**THE PROBLEM**. Output all entries verbatim. Skip pictures.

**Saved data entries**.
★ ★ ★
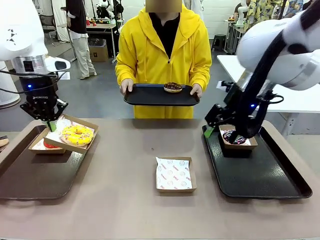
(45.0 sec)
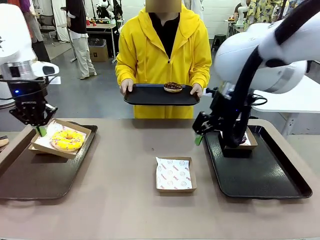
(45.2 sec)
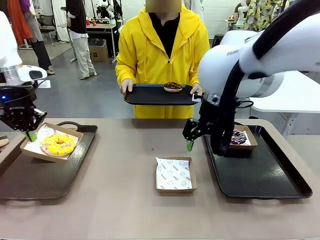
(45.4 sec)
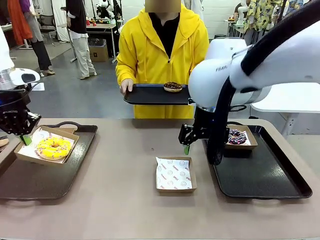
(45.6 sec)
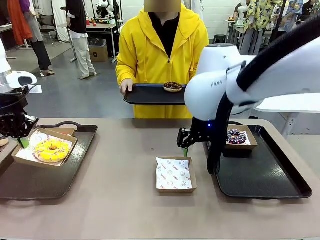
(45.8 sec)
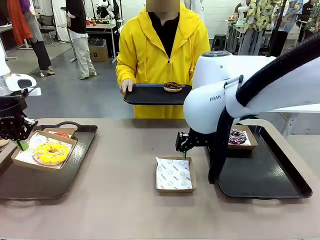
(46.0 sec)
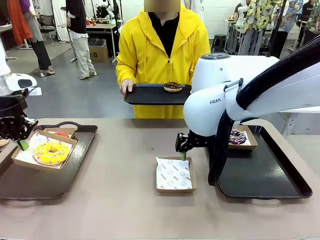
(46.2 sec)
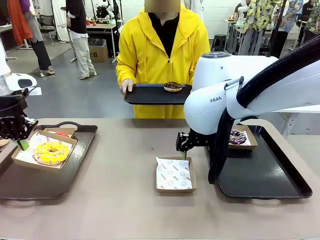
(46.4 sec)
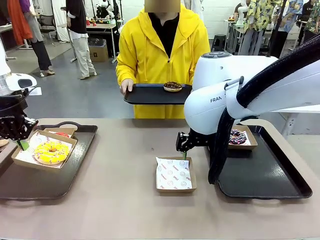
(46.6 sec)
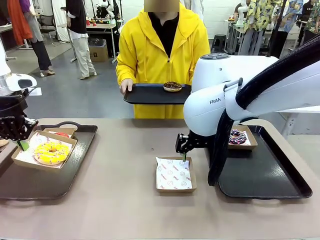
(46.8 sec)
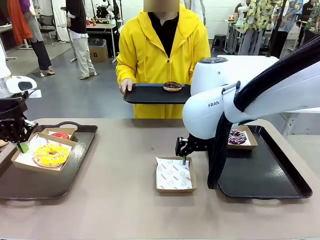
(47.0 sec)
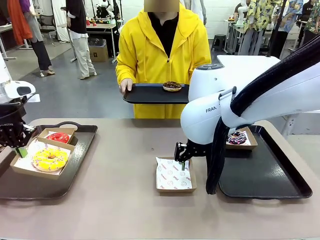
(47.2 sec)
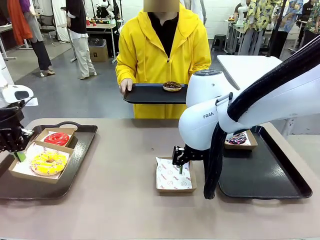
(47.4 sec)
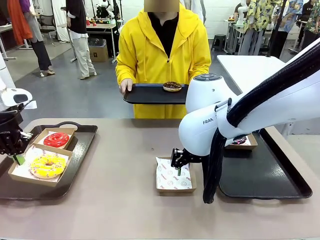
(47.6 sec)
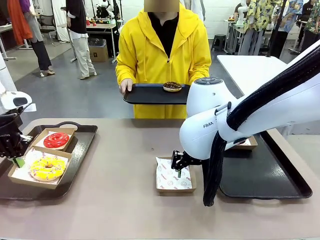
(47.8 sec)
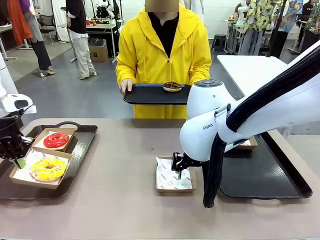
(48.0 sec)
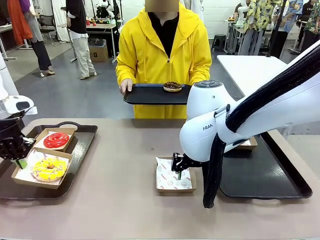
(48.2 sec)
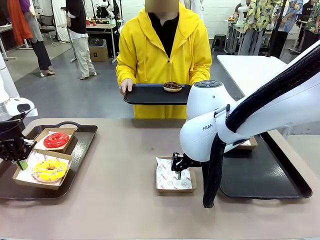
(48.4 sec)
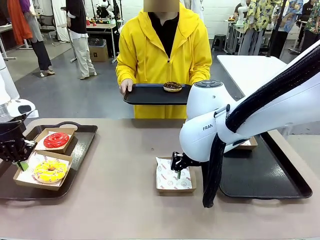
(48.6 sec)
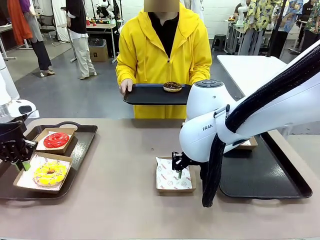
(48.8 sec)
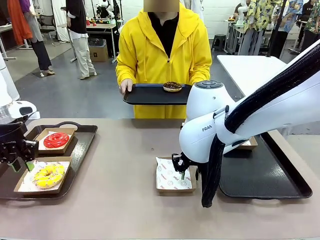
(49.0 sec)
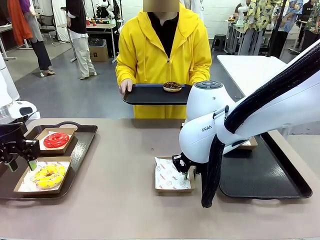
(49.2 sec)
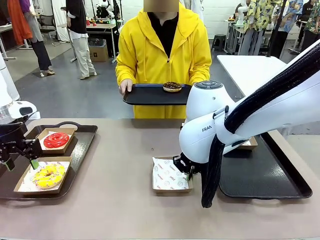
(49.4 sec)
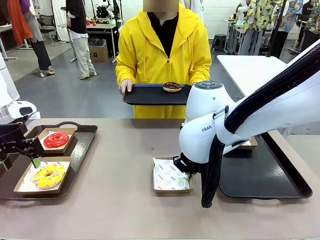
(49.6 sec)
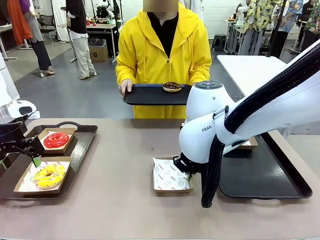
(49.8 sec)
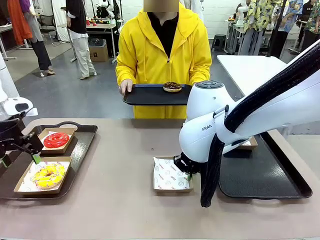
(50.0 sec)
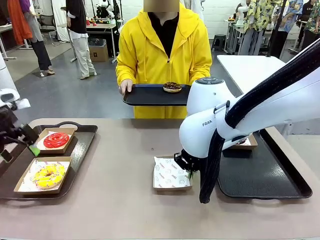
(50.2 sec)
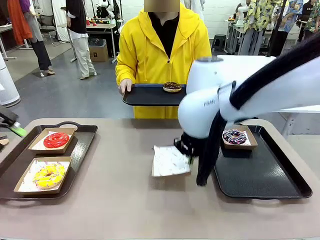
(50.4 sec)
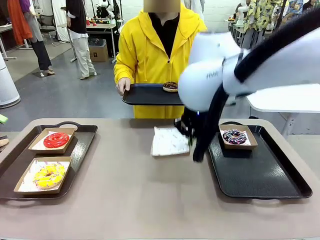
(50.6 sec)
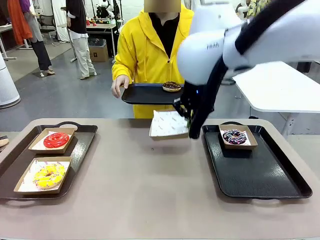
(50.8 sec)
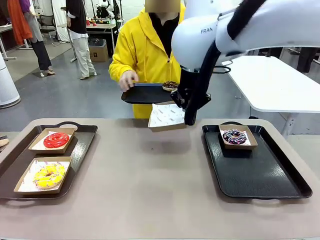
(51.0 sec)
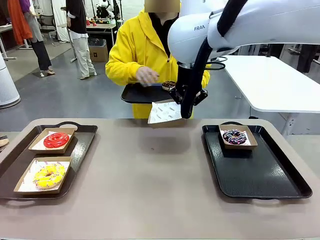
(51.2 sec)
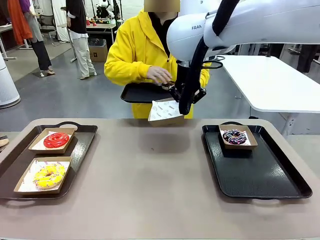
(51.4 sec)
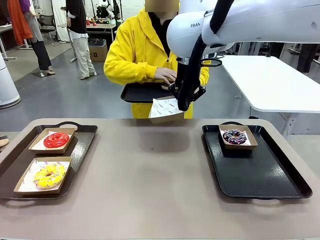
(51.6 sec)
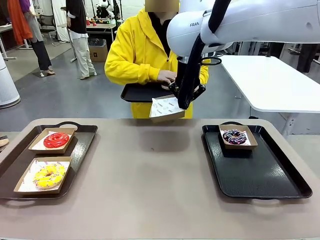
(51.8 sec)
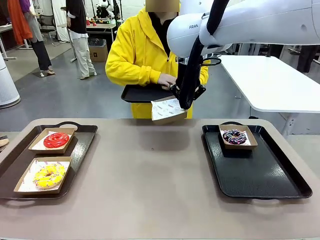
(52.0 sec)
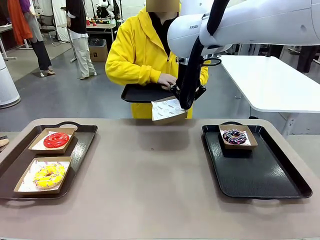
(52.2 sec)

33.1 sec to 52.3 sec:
★ ★ ★
**RESPONSE BELOW**.
(45.0 sec)
(45.2 sec)
(45.4 sec)
(45.6 sec)
(45.8 sec)
(46.0 sec)
(46.2 sec)
(46.4 sec)
(46.6 sec)
(46.8 sec)
(47.0 sec)
(47.2 sec)
(47.4 sec)
(47.6 sec)
(47.8 sec)
(48.0 sec)
(48.2 sec)
(48.4 sec)
(48.6 sec)
(48.8 sec)
(49.0 sec)
(49.2 sec)
(49.4 sec)
(49.6 sec)
(49.8 sec)
(50.0 sec)
(50.2 sec)
(50.4 sec)
(50.6 sec)
(50.8 sec)
(51.0 sec)
(51.2 sec)
(51.4 sec)
(51.6 sec)
(51.8 sec)
(52.0 sec)
(52.2 sec)

33.1 sec to 52.3 sec:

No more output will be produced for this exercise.